Okay. My first thoughts are these, and if you are interested, take them to heart.
First, classify it as one genre. Make it a Mystery. Limit the horror aspect, because creepy is always more suspenseful than just yucky murder and death everywhere. And romance is easy to write. You just have to throw in little hints every once in a while. Innuendo is the most powerful way to write romance, because it leaves a lot to the imagination. And people can be VERY dirty minded.
Also, you might want to change the profession of the lead character. “Journalist” is kinda odd, because newspapers are fading away as a form of media. He’d have to be a web-journalist, or a TV Journalist. If you don’t have your heart set on Journalism as a profession, you might consider making him a professor at a college (if he’s an older gentleman) or if it’s a younger man, make him a student doing an honors project over the summer, or a graduate student working on a Ph.D. for Psychology, doing a study on this Psychiatrist’s “Life’s Work.” Something like that. Academic people are usually much more interested in psychological experiments than journalists (unless he works for the National Inquirer). Fringe Science, ghosts, things like that, they make more of a dramatic impact on characters that are educated, and KNOW that there’s no such thing as ghosts.
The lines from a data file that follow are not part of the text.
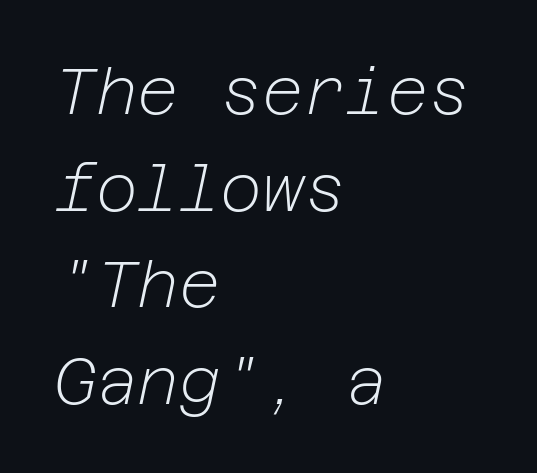
Q: Is the text bold? A: No.
Q: Is the text italic (slanted)? A: Yes, it leans right by about 12 degrees.
Q: Is the text underlined? A: No.
Q: How is the paragraph aligned? A: Left-aligned.
Q: Is the spacing between letters normal or unusually wide? A: Normal.
Q: Is the spacing between lines tight, normal or loose? A: Normal.
Q: Width (condensed, normal, or wide)? A: Normal.
Q: Stroke contrast? A: Low.
Q: x-height? A: Medium.
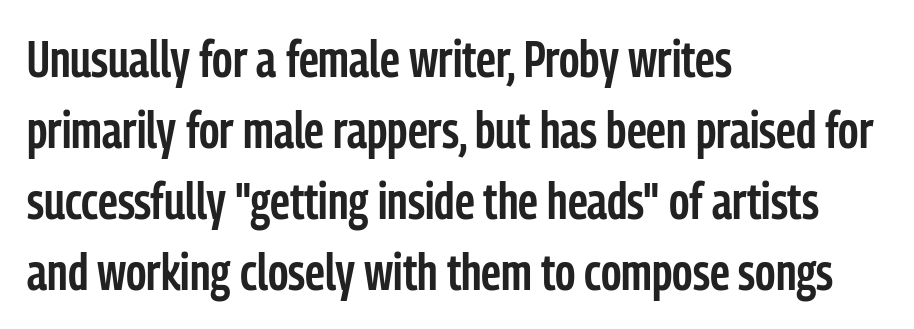
The image shows 51 px semibold, condensed sans-serif type, upright; set left-aligned, normal line spacing (1.39x), normal letter spacing, not underlined; low stroke contrast and a medium x-height.
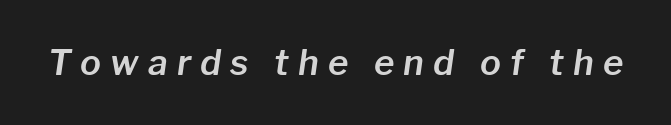
The image shows 35 px text type, italic (leaning right); set unusually wide letter spacing (+0.26 em), not underlined; low stroke contrast and a medium x-height.
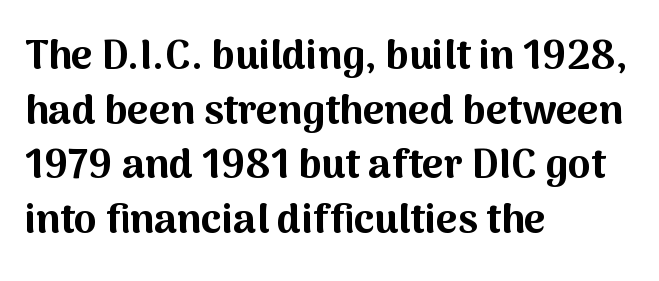
Spacing between characters is what you'd get straight out of the box. Regarding leading, the lines here are spaced in the standard way. A bare baseline throughout the passage. Type style note: lacks serifs. Horizontally, the lines are justified to the leading edge only. Spacing verdict: proportional, widths tailored to each character.
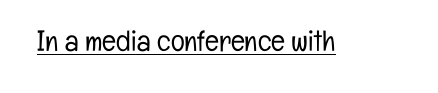
The image shows 29 px light, condensed sans-serif type, upright; set normal letter spacing, underlined; low stroke contrast and a medium x-height.
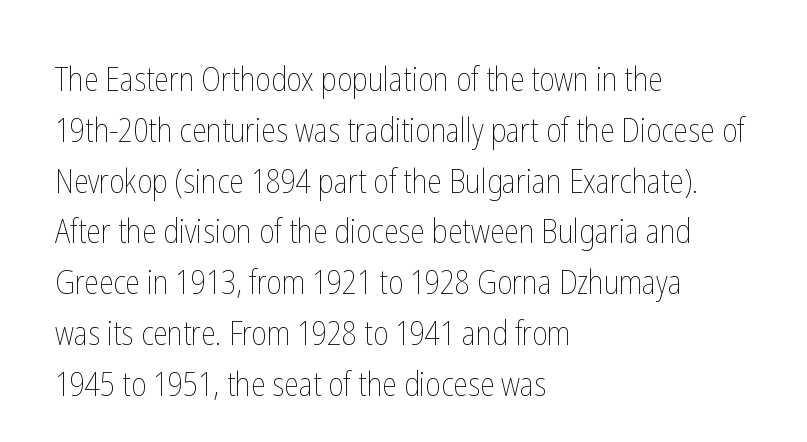
Q: Is the text bold? A: No.
Q: Is the text italic (slanted)? A: No, it is upright.
Q: Is the text underlined? A: No.
Q: How is the paragraph aligned? A: Left-aligned.
Q: Is the spacing between letters normal or unusually wide? A: Normal.
Q: Is the spacing between lines tight, normal or loose? A: Normal.
Q: Width (condensed, normal, or wide)? A: Condensed.
Q: Stroke contrast? A: Low.
Q: x-height? A: Medium.
Q: Monospaced? A: No.
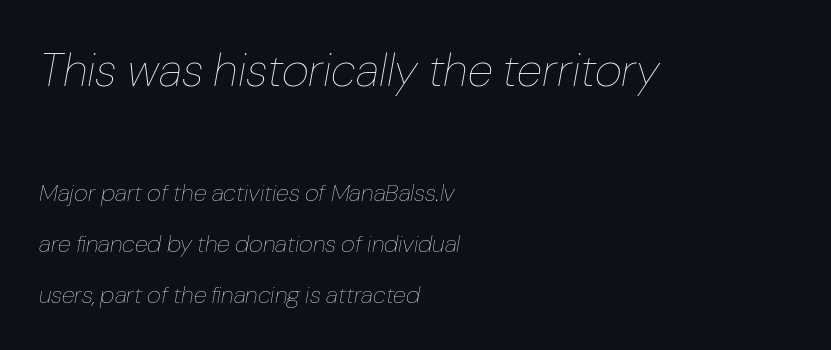
The image shows 47 px thin type, italic (leaning right); set left-aligned, loose line spacing (2.13x), normal letter spacing, not underlined; the first (top) block is 1.96x larger; low stroke contrast and a medium x-height.
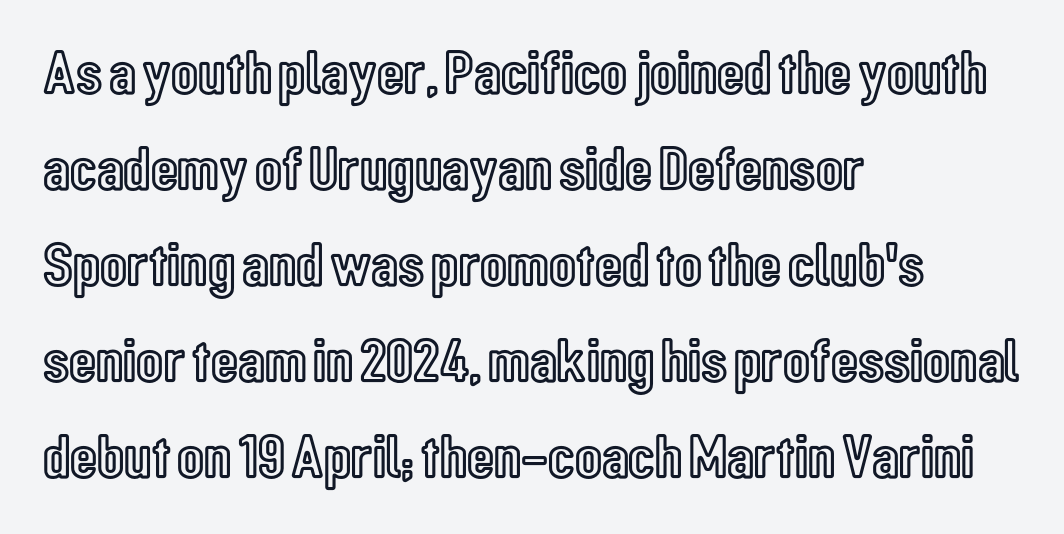
{"italic": "no", "width": "condensed", "x_height": "medium", "monospaced": "no", "underline": "no", "align": "left", "line_spacing": "normal", "line_spacing_ratio": 1.55, "letter_spacing": "normal", "letter_spacing_em": 0.0, "glyph_px": 62}
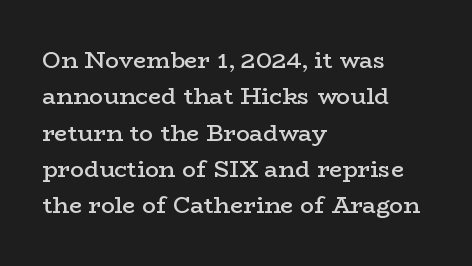
The paragraph shown leans on its left margin. Baseline-to-baseline distance is the conventional proportion of letter height. Check under the words: just untouched page. How are the letters spaced? Ordinarily, with no added tracking.

I love the flow of the plot, where you have a murder, some “searching for exits” time where people are confused. You might want to make them pair off using the Buddy System, and that’s how your protagonist and the leading lady first get to know each other.
As optional suggestions, you might want to make the first body they find a “random” body. As in, he’s not part of the core group of characters. And you could make it so that later on, this dead guy that they found is the “mysterious” person helping out the heroes. Kinda like a powerful ghost that is protecting them from the evil doctor.